##### Data for the task #####

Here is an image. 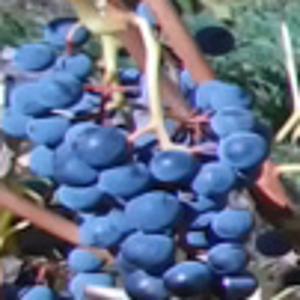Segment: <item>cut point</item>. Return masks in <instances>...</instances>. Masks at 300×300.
Segmentation results:
<instances>
[{
    "label": "cut point",
    "mask_w": 300,
    "mask_h": 300,
    "mask_svg": "<svg viewBox=\"0 0 300 300\" xmlns=\"http://www.w3.org/2000/svg\"><path fill=\"white\" fill-rule=\"evenodd\" d=\"M123 20L127 23H133L137 28H139L141 35L145 39L143 41V46L146 51L144 53V60L146 63L145 74L147 75L151 118L156 127H162L164 103L158 72L161 57L160 43L154 38L148 23L138 14L125 13L123 15Z\"/></svg>",
    "instance_id": "cut-point-1"
}]
</instances>
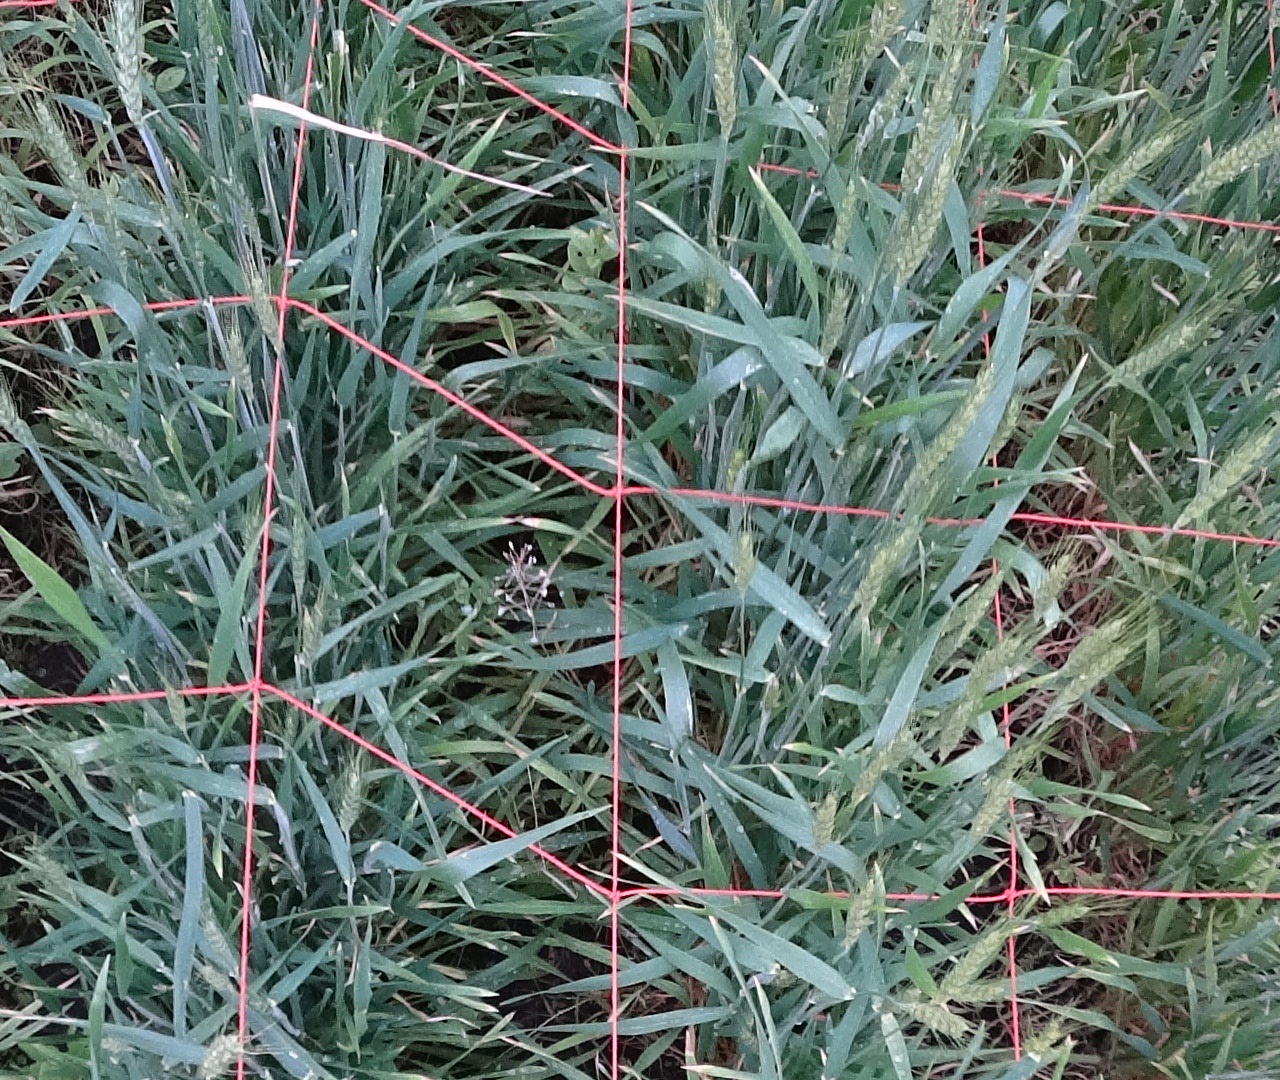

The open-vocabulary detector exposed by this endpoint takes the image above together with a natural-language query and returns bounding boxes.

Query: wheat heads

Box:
[214,331,260,400]
[32,94,77,194]
[726,528,751,591]
[33,845,74,897]
[704,231,726,317]
[898,158,961,267]
[99,180,127,271]
[176,207,210,271]
[292,606,321,666]
[1179,435,1269,529]
[1084,127,1164,217]
[1051,639,1124,724]
[706,17,748,129]
[969,639,1020,686]
[192,0,220,63]
[248,261,280,349]
[823,443,863,504]
[892,57,967,183]
[805,789,844,855]
[886,990,973,1037]
[1034,555,1079,614]
[951,562,1000,631]
[1112,323,1199,388]
[851,1,907,65]
[82,412,140,468]
[760,673,779,716]
[1029,901,1084,930]
[291,519,307,585]
[855,724,916,797]
[332,769,360,829]
[151,674,187,735]
[102,564,143,614]
[854,557,892,611]
[936,928,999,992]
[1191,124,1280,192]
[190,964,229,998]
[102,2,139,112]
[45,741,89,786]
[1056,617,1130,687]
[1031,1018,1068,1059]
[720,450,743,497]
[904,364,1014,497]
[199,912,236,968]
[942,705,969,748]
[974,778,1012,826]
[814,56,850,144]
[818,294,848,358]
[825,180,862,258]
[847,874,885,954]
[205,1032,240,1073]
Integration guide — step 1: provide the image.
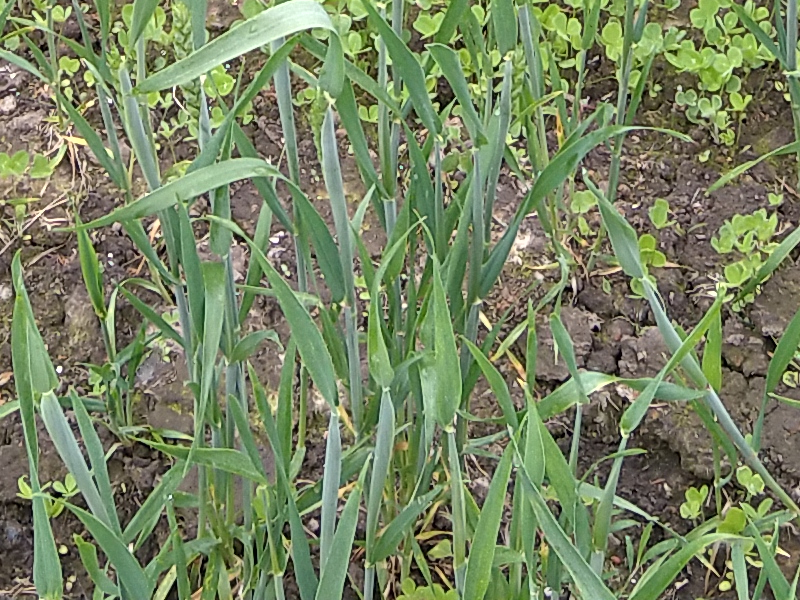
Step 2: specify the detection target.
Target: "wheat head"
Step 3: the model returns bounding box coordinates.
[510,51,526,115]
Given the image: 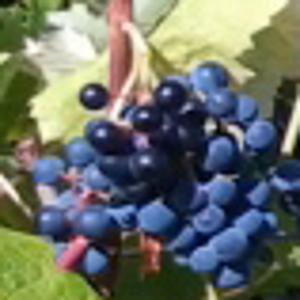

#####

▶ **Activity**:
Look back at the entries above. Retype the line with "The open-vocabulary detector", the line with "Query: wheat heads", and all lines in between.

▶ **Task output**:
The open-vocabulary detector exposed by this endpoint takes the image above together with a natural-language query and returns bounding boxes.

Query: wheat heads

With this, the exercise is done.